ISCOMATRIX™: early immunologist were quick to realize that poorly immunogenic proteins could make good immunostimulatory proteins on giving them mild heat treatment which causes them to aggregate and form microparticles or microggregates. They observed similar property in hepatitis B virus, the proteins have the tendency of self assembly into virus like particles. These particles have immunostimulatory effect on taking this phenomemon as platform ISCOM’s or immunostimulatory complexes were developed. Immunostimulatory properties of QS21 have already been discussed above.
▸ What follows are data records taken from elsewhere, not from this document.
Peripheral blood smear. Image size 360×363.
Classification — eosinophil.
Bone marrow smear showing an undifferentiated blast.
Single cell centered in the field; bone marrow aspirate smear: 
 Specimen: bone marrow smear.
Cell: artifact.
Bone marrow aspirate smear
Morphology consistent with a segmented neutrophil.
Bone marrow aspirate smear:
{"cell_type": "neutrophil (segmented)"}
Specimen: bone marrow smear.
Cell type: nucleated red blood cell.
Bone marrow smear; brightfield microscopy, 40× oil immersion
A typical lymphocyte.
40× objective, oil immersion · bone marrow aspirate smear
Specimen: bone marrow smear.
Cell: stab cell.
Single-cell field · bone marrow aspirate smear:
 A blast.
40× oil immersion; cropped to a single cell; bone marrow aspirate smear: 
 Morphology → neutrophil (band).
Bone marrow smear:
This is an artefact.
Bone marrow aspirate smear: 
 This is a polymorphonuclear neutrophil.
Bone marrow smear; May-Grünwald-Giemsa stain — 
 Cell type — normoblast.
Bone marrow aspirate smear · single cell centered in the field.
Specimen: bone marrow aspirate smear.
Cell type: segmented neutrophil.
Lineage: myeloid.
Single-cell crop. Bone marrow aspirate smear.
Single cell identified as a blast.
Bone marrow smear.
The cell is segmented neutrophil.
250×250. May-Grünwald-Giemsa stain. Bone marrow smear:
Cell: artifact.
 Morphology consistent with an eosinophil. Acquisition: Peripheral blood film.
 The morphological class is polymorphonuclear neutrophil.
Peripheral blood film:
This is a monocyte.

Early studies showed associated toxicity with the saponins (QS21) which limited its use, but use of purified forms of QS21 when used in ISCOM’s resulted in considerable lower toxicity. Using this as platform technology ISCOMATRIX™ was developed. It contains saponins known as ISCOPREP. The lipids used are chemically synthesized Di-palmytoil phosphatidyl choline and cholesterol. These kinds of formulated vaccines stimulate all types f IgG isotypes antibodies and also induces a strong CD8+ T cell response.
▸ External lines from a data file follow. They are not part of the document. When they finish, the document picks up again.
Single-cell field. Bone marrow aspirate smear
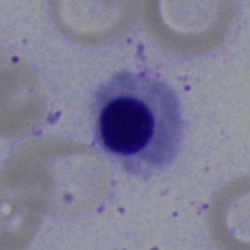

Specimen: bone marrow smear.
Cell type: erythroblast.
Lineage: erythroid.
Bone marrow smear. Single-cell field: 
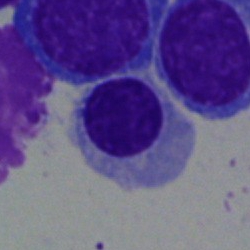Nucleated red cell.
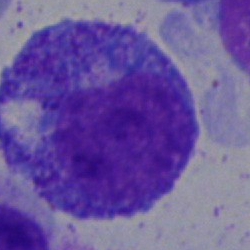 A progranulocyte.
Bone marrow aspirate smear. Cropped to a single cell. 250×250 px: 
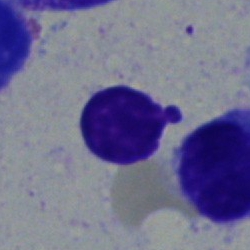The cell is lymphocyte.
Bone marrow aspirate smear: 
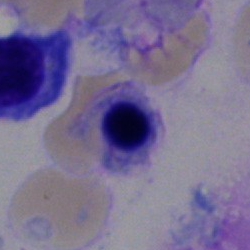

Morphology → nucleated red blood cell.
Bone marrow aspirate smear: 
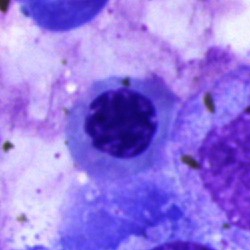
Single cell identified as a normoblast.
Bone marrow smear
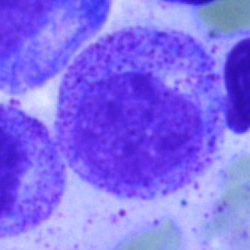 Morphology — myelocyte.

Extensive clinical studies have been done with this adjuvants and data shows vaccine to be well tolerated and safe both in men and women. Dose response data indicates humoral immune response at all doses while cellular immune response at high doses. Currently using this adjuvant influenza trivalent split virion vaccine and hepatitis C virus vaccine are undergoing phase II studies.

Reactogenicity and adverse reactions of Vaccines

Reactogenicity or mild side effects are associated with live attenuated and inactivated vaccines. Live attenuated vaccines like small pox and measles vaccines involves replication of altered organism to stimulate an immune response, the build up of micro organism causes minor form of disease in host for which vaccine is given. Vaccines from killed micro organism causes local redness, pain and swelling at the site of injection and some mild systemic reactions such as transient fever, irritability, anorexia, headache, and general malaise. But these reactions are mild, for short duration and can be easily controlled.

Mild side effects arise because vaccines cause immune response like inflammation and cytokine stimulation. Reactogenicity limits the use of vaccines in immunocompromised patients where risk to benefit ratio is low.

Conclusion

Vaccines have potential usefulness beyond communicable diseases, such as anticancer vaccines, birth control vaccines, and vaccines aimed at lowering immune responses, such as in autoimmunity or allergy.

References

Wang, J.Y. and Roehrl, M.H. (2005).Anthrax vaccine design: strategies to achieve comprehensive protection against spore, bacillus, and toxin. Medical Immunology. 4:4

Montefiori, D., Sattentau, Q., Flores, F., Esparza, J. and Mascola, J. (2007).Antibody-Based HIV-1 Vaccines: Recent Developments and Future Directions. PLoS Medicine. 4:12

Kuby, J. (). Immunology.

Paul, W.E. (2008).Fundamental Immunology. 6th Ed.

Rappuoli, R. and Bagnoli,F. (2011). Vaccine Design: Innovative Approaches and Novel Strategies

Rice, J., Ottensmeier, C.H. & Stevenson, F.K. (2008). DNA vaccines: precision tools for activating effective immunity against cancer. Nature Reviews Cancer 8, 108-120

Garmory, H.S., Brown, K.A. and Titball, R.W. (2003). DNA vaccines: improving the expression of antigens. Genetic Vaccines and Therapy. 1:2

International Aids Vaccine initiative.

The College of Physicians of Philadelphia. (2010).New Discovery May Advance HIV Vaccine Design.